Why Ranta just had to add that last bit of information even though it was completely superfluous, Haruhiro could guess. Ranta was thinking that the tough fight was going to be at Steelbone, while Capomorti would be taken down with ease. He probably even thought that maybe Capomorti would surrender as soon as Altana’s army and Crimson Moon marched up to the gates.

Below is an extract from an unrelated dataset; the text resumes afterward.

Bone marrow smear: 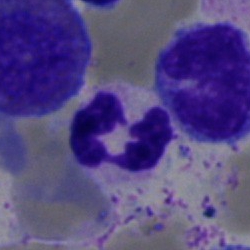
Polymorphonuclear neutrophil.

“Anyways!” Ranta had his arms twisted together again and was making his snake head hands snap at each other. “An entire gold! It’s decided then! We’re gonna do it! Let’s go get ourselves signed up right now! There’s only three more days before the deadline so gotta strike while the iron’s hot or some phrase like that. Whatever! Let’s head over to headquarters!”

“H-hold on…” Mogzo beat Haruhiro to it. “Shouldn’t we at least ask the others?”

“Whaaaaaaaat!? WHY!? Who cares about them? About that? The convo’s gonna be, ‘We gonna do it?’ ‘Yeah, let’s do it’ ‘Okay go’ and everyone’s gonna agree so no worries! They’re just girls, too!”

“No, you can’t just assume that,” Haruhiro said, rubbing the back of his neck. “Let’s get everyone together tonight and talk it over. Besides, we’ve still got plenty of time before the deadline.”

Ranta frowned, exhaling noisily through his nose. “Fiiine. Whatever.”